Wednesday, July 27, 2011

Not since Lincoln

P.M. Carpenter ponders the incredulity of it all with a heavy sigh:
"Not since Abe Lincoln took office has a president's political opposition been so ruthlessly determined to oppose -- even to the point of national disloyalty, which is precisely what the GOP's treacherous machinations over the debt limit represent. It is futile to look back on Obama's first two years and speculate that he should have done this, or that he should have done that, and then this or that might have proceeded better; it is futile because whatever path Obama might have chosen, his opposition was acrobatically hellbent on obstructing it."

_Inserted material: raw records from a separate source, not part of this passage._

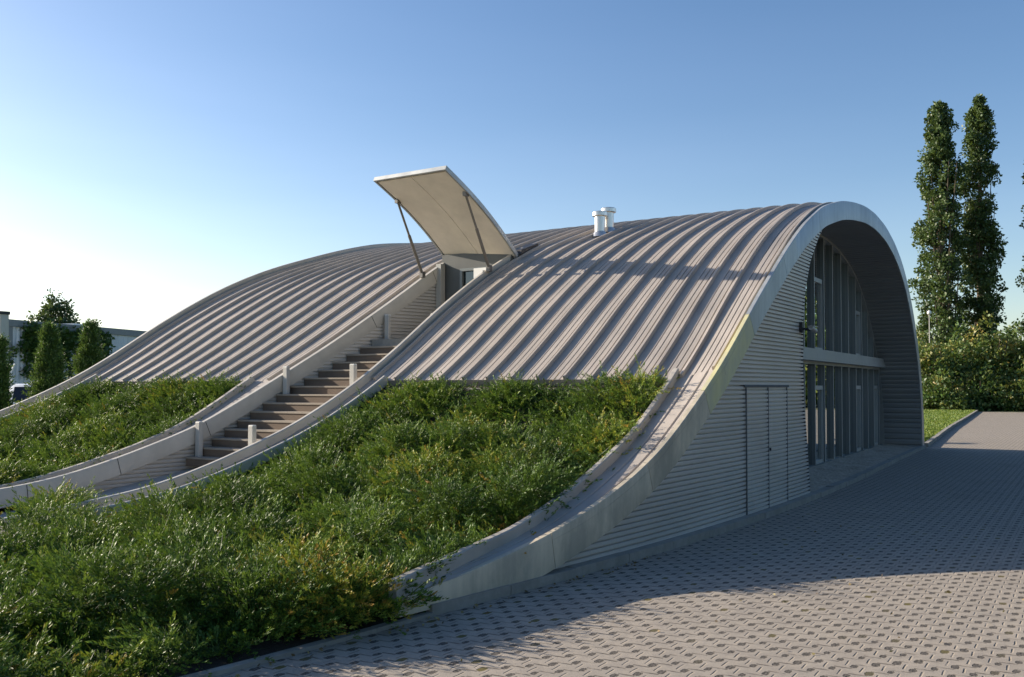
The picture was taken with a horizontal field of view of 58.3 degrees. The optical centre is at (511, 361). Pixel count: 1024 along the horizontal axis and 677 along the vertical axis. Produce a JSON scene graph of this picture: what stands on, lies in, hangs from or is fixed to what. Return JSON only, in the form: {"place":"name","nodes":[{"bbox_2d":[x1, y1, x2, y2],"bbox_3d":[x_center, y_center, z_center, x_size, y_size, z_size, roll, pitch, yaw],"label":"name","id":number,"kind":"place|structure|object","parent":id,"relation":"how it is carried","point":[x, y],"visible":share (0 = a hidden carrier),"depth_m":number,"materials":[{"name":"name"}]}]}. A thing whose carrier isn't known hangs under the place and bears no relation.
{"place":"outdoors","nodes":[
{"label":"outdoors","id":0,"kind":"place"},
{"bbox_2d":[0,409,1023,512],"bbox_3d":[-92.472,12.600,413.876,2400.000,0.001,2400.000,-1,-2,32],"label":"ground","id":1,"kind":"structure","parent":0,"point":[2,509],"depth_m":63.38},
{"bbox_2d":[0,311,9,359],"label":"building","id":2,"kind":"structure","parent":1,"relation":"on","point":[4,322],"depth_m":53.95,"materials":[{"name":"paint"}]},
{"bbox_2d":[0,333,15,409],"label":"columnar conifer","id":3,"kind":"object","parent":1,"relation":"on","point":[6,395],"visible":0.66,"depth_m":23.95,"materials":[{"name":"green plant"}]},
{"bbox_2d":[9,384,30,404],"bbox_3d":[-18.265,1.744,34.885,1.900,1.840,4.370,1,-2,-28],"label":"parked car","id":4,"kind":"object","parent":1,"relation":"on","point":[17,389],"depth_m":34.24,"materials":[{"name":"white paint"}]},
{"bbox_2d":[21,317,72,398],"bbox_3d":[-13.115,0.589,26.018,1.483,3.714,1.500,1,-2,-22],"label":"columnar conifer","id":5,"kind":"object","parent":1,"relation":"on","point":[49,359],"visible":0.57,"depth_m":25.82,"materials":[{"name":"green plant"}]},
{"bbox_2d":[26,288,81,323],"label":"background tree","id":6,"kind":"object","parent":1,"relation":"on","point":[50,308],"visible":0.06,"depth_m":89.90,"materials":[{"name":"green plant"}]},
{"bbox_2d":[8,319,146,387],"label":"warehouse","id":7,"kind":"structure","parent":1,"relation":"on","point":[123,337],"depth_m":58.91,"materials":[{"name":"metal"}]},
{"bbox_2d":[8,320,115,378],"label":"tree","id":8,"kind":"object","parent":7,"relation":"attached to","point":[31,341],"depth_m":59.29,"materials":[{"name":"green plant"}]},
{"bbox_2d":[68,318,106,377],"bbox_3d":[-12.451,0.569,27.027,1.507,3.810,1.392,1,-2,-37],"label":"columnar conifer","id":9,"kind":"object","parent":1,"relation":"on","point":[90,354],"visible":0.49,"depth_m":26.84,"materials":[{"name":"green plant"}]},
{"bbox_2d":[0,369,251,507],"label":"juniper cover","id":10,"kind":"object","parent":1,"relation":"on","point":[39,438],"visible":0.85,"depth_m":15.17,"materials":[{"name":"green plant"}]},
{"bbox_2d":[179,612,433,676],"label":"kerb","id":11,"kind":"structure","parent":1,"relation":"on","point":[243,664],"depth_m":6.04,"materials":[{"name":"concrete"}]},
{"bbox_2d":[25,385,660,676],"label":"planting bed","id":12,"kind":"object","parent":1,"relation":"on","point":[270,646],"visible":0.05,"depth_m":6.27,"materials":[{"name":"soil"}]},
{"bbox_2d":[0,355,682,676],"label":"juniper cover","id":13,"kind":"object","parent":12,"relation":"on","point":[217,562],"visible":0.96,"depth_m":8.19,"materials":[{"name":"green plant"}]},
{"bbox_2d":[0,165,924,616],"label":"curved hall","id":14,"kind":"structure","parent":1,"relation":"on","point":[768,405],"depth_m":14.17,"materials":[{"name":"metal"}]},
{"bbox_2d":[186,313,431,466],"bbox_3d":[-2.919,0.440,14.706,1.976,2.590,3.940,-1,-2,43],"label":"outdoor staircase","id":15,"kind":"structure","parent":14,"relation":"on","point":[289,406],"depth_m":14.51,"materials":[{"name":"paint"}]},
{"bbox_2d":[460,267,483,288],"bbox_3d":[-0.652,-1.066,16.581,0.819,1.500,0.200,-1,-2,32],"label":"entrance door","id":16,"kind":"structure","parent":14,"relation":"in","point":[466,274],"depth_m":16.64,"materials":[{"name":"metal"}]},
{"bbox_2d":[474,267,485,277],"bbox_3d":[-0.502,-1.502,16.354,0.430,0.360,0.031,-1,-2,32],"label":"door sign","id":17,"kind":"object","parent":14,"relation":"attached to","point":[477,271],"visible":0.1,"depth_m":16.41,"materials":[{"name":"white paint"}]},
{"bbox_2d":[743,385,788,514],"bbox_3d":[3.512,1.162,12.586,0.051,1.695,1.861,-1,-2,34],"label":"service door","id":18,"kind":"structure","parent":14,"relation":"in","point":[756,485],"depth_m":12.52,"materials":[{"name":"grey metal"}]},
{"bbox_2d":[805,267,810,347],"bbox_3d":[5.990,-1.478,18.736,0.012,2.437,0.841,-1,-2,31],"label":"window pane","id":19,"kind":"structure","parent":14,"relation":"in","point":[808,294],"depth_m":18.89,"materials":[{"name":"clear glass"}]},
{"bbox_2d":[799,322,817,332],"bbox_3d":[4.508,-0.522,13.947,0.216,0.166,0.310,-1,-2,32],"label":"security camera","id":20,"kind":"object","parent":14,"relation":"attached to","point":[813,329],"visible":1,"depth_m":13.89,"materials":[{"name":"black plastic"}]},
{"bbox_2d":[805,364,811,464],"bbox_3d":[5.990,1.079,18.669,0.012,2.080,0.841,-1,-2,31],"label":"window pane","id":21,"kind":"structure","parent":14,"relation":"in","point":[808,411],"depth_m":18.83,"materials":[{"name":"clear glass"}]},
{"bbox_2d":[814,239,822,349],"bbox_3d":[6.466,-1.463,19.482,0.056,2.445,0.852,-1,-2,31],"label":"window pane","id":22,"kind":"structure","parent":14,"relation":"in","point":[818,282],"depth_m":19.69,"materials":[{"name":"clear glass"}]},
{"bbox_2d":[815,365,823,463],"bbox_3d":[6.466,1.099,19.415,0.056,2.080,0.852,-1,-2,31],"label":"window pane","id":23,"kind":"structure","parent":14,"relation":"in","point":[819,389],"depth_m":19.61,"materials":[{"name":"clear glass"}]},
{"bbox_2d":[824,242,829,350],"bbox_3d":[6.900,-1.445,20.243,0.012,2.449,0.821,-1,-2,31],"label":"window pane","id":24,"kind":"structure","parent":14,"relation":"in","point":[826,247],"depth_m":20.39,"materials":[{"name":"clear glass"}]},
{"bbox_2d":[825,366,830,459],"bbox_3d":[6.900,1.119,20.175,0.012,2.080,0.821,-1,-2,31],"label":"window pane","id":25,"kind":"structure","parent":14,"relation":"in","point":[827,368],"depth_m":20.32,"materials":[{"name":"clear glass"}]},
{"bbox_2d":[833,250,837,351],"bbox_3d":[7.350,-1.408,20.987,0.012,2.414,0.841,-1,-2,31],"label":"window pane","id":26,"kind":"structure","parent":14,"relation":"in","point":[835,309],"depth_m":21.13,"materials":[{"name":"clear glass"}]},
{"bbox_2d":[834,366,838,457],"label":"window pane","id":27,"kind":"structure","parent":14,"relation":"in","point":[836,416],"depth_m":21.06,"materials":[{"name":"clear glass"}]},
{"bbox_2d":[841,260,844,352],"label":"window pane","id":28,"kind":"structure","parent":14,"relation":"in","point":[842,264],"depth_m":21.87,"materials":[{"name":"clear glass"}]},
{"bbox_2d":[842,367,845,454],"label":"window pane","id":29,"kind":"structure","parent":14,"relation":"in","point":[843,368],"depth_m":21.81,"materials":[{"name":"clear glass"}]},
{"bbox_2d":[848,271,852,353],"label":"window pane","id":30,"kind":"structure","parent":14,"relation":"in","point":[849,275],"depth_m":22.61,"materials":[{"name":"clear glass"}]},
{"bbox_2d":[849,368,853,452],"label":"window pane","id":31,"kind":"structure","parent":14,"relation":"in","point":[850,369],"depth_m":22.54,"materials":[{"name":"clear glass"}]},
{"bbox_2d":[856,288,860,354],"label":"window pane","id":32,"kind":"structure","parent":14,"relation":"in","point":[858,345],"depth_m":23.38,"materials":[{"name":"clear glass"}]},
{"bbox_2d":[856,368,861,450],"bbox_3d":[8.690,1.195,23.096,0.056,2.080,0.751,-1,-2,31],"label":"window pane","id":33,"kind":"structure","parent":14,"relation":"in","point":[859,446],"depth_m":23.33,"materials":[{"name":"clear glass"}]},
{"bbox_2d":[862,369,864,448],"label":"window pane","id":34,"kind":"structure","parent":14,"relation":"in","point":[863,370],"depth_m":23.96,"materials":[{"name":"clear glass"}]},
{"bbox_2d":[862,306,864,355],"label":"window pane","id":35,"kind":"structure","parent":14,"relation":"in","point":[863,352],"depth_m":24.01,"materials":[{"name":"clear glass"}]},
{"bbox_2d":[868,330,869,356],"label":"window pane","id":36,"kind":"structure","parent":14,"relation":"in","point":[868,330],"depth_m":24.66,"materials":[{"name":"clear glass"}]},
{"bbox_2d":[868,369,870,446],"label":"window pane","id":37,"kind":"structure","parent":14,"relation":"in","point":[869,370],"depth_m":24.67,"materials":[{"name":"clear glass"}]},
{"bbox_2d":[874,370,877,445],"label":"window pane","id":38,"kind":"structure","parent":14,"relation":"in","point":[875,387],"depth_m":25.41,"materials":[{"name":"clear glass"}]},
{"bbox_2d":[927,310,931,342],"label":"street lamp","id":39,"kind":"object","parent":1,"relation":"on","point":[929,312],"visible":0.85,"depth_m":76.06,"materials":[{"name":"metal"}]},
{"bbox_2d":[907,100,973,358],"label":"poplar tree","id":40,"kind":"object","parent":1,"relation":"on","point":[936,231],"visible":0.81,"depth_m":79.71,"materials":[{"name":"green plant"}]},
{"bbox_2d":[916,328,977,409],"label":"hedge shrub","id":41,"kind":"object","parent":1,"relation":"on","point":[927,356],"visible":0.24,"depth_m":67.42,"materials":[{"name":"green plant"}]},
{"bbox_2d":[922,369,981,409],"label":"hedge shrub","id":42,"kind":"object","parent":1,"relation":"on","point":[939,398],"visible":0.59,"depth_m":64.66,"materials":[{"name":"green plant"}]},
{"bbox_2d":[921,315,1002,387],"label":"hedge shrub","id":43,"kind":"object","parent":1,"relation":"on","point":[978,350],"visible":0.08,"depth_m":68.35,"materials":[{"name":"green plant"}]},
{"bbox_2d":[956,93,1008,352],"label":"poplar tree","id":44,"kind":"object","parent":1,"relation":"on","point":[982,232],"visible":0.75,"depth_m":80.63,"materials":[{"name":"green plant"}]},
{"bbox_2d":[945,365,1022,411],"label":"hedge shrub","id":45,"kind":"object","parent":1,"relation":"on","point":[990,385],"visible":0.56,"depth_m":64.83,"materials":[{"name":"green plant"}]},
{"bbox_2d":[957,311,1023,409],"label":"hedge shrub","id":46,"kind":"object","parent":1,"relation":"on","point":[1010,343],"visible":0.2,"depth_m":67.91,"materials":[{"name":"green plant"}]},
{"bbox_2d":[977,333,1023,400],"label":"hedge shrub","id":47,"kind":"object","parent":1,"relation":"on","point":[1019,365],"visible":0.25,"depth_m":67.38,"materials":[{"name":"green plant"}]},
{"bbox_2d":[980,367,1023,411],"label":"hedge shrub","id":48,"kind":"object","parent":1,"relation":"on","point":[1013,393],"visible":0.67,"depth_m":64.26,"materials":[{"name":"green plant"}]},
{"bbox_2d":[985,312,1023,342],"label":"background tree","id":49,"kind":"object","parent":1,"relation":"on","point":[1014,334],"visible":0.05,"depth_m":83.63,"materials":[{"name":"green plant"}]},
{"bbox_2d":[1015,164,1023,329],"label":"poplar tree","id":50,"kind":"object","parent":1,"relation":"on","point":[1022,269],"visible":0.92,"depth_m":81.56,"materials":[{"name":"green plant"}]},
{"bbox_2d":[0,0,1023,348],"label":"sky","id":51,"kind":"structure","parent":0,"point":[158,157],"materials":[{"name":"blue"}]},
{"bbox_2d":[215,412,1023,676],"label":"paving","id":52,"kind":"structure","parent":0,"point":[950,494],"depth_m":7.35,"materials":[{"name":"grey concrete"}]},
{"bbox_2d":[418,445,925,615],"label":"kerb","id":53,"kind":"structure","parent":52,"relation":"on","point":[572,571],"depth_m":9.42,"materials":[{"name":"concrete"}]},
{"bbox_2d":[809,444,916,491],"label":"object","id":54,"kind":"structure","parent":52,"relation":"on","point":[830,472],"depth_m":19.39,"materials":[{"name":"grey concrete"}]},
{"bbox_2d":[924,410,977,446],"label":"kerb","id":55,"kind":"structure","parent":52,"relation":"on","point":[933,439],"depth_m":34.31,"materials":[{"name":"concrete"}]},
{"bbox_2d":[235,516,1023,676],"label":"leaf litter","id":56,"kind":"object","parent":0,"point":[476,605],"visible":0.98,"depth_m":7.06,"materials":[{"name":"brown plant"}]},
{"bbox_2d":[923,408,974,441],"bbox_3d":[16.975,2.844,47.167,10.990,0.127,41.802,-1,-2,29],"label":"grass","id":57,"kind":"structure","parent":0,"point":[930,431],"depth_m":44.87,"materials":[{"name":"green plant"}]}
]}

"If Obama is to be properly faulted, then his fault lies in the rather incongruent criticism of excessive rationality. No one, least of all a chief executive of profound intellect and with a corresponding belief in the great and unifying power of Reason, could have predicted in January 2009 that the spiritually broken Grand Old Party would redouble its preceding madness, and then double that, and double even that again. ... Neither could anyone have predicted the activist left's infantile behavior and ceaseless crankiness."
Carpenter's entire piece is worth a read. In his famous 1858 "House Divided" speech, Lincoln said, "If we could first know where we are, and whither we are tending, we could then better judge what to do, and how to do it." For now, alas, understanding this season of discontent and "whither we are tending" seems beyond the grasp of our current crop of political leaders save Mr. "Abraham" Obama.